■ EXERCISE REQUIREMENTS: Locate the lines of the listing below that hold "text", then copy each of them.

■ EXERCISE INPUT:
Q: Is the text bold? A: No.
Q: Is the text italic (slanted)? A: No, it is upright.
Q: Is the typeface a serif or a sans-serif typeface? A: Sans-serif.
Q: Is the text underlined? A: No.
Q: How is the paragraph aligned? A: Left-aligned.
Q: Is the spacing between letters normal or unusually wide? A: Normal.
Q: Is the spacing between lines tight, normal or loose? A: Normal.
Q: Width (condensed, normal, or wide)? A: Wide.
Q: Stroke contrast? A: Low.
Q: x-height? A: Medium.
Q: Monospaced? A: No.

■ RESPONSE FOR THIS EXERCISE:
Q: Is the text bold? A: No.
Q: Is the text italic (slanted)? A: No, it is upright.
Q: Is the text underlined? A: No.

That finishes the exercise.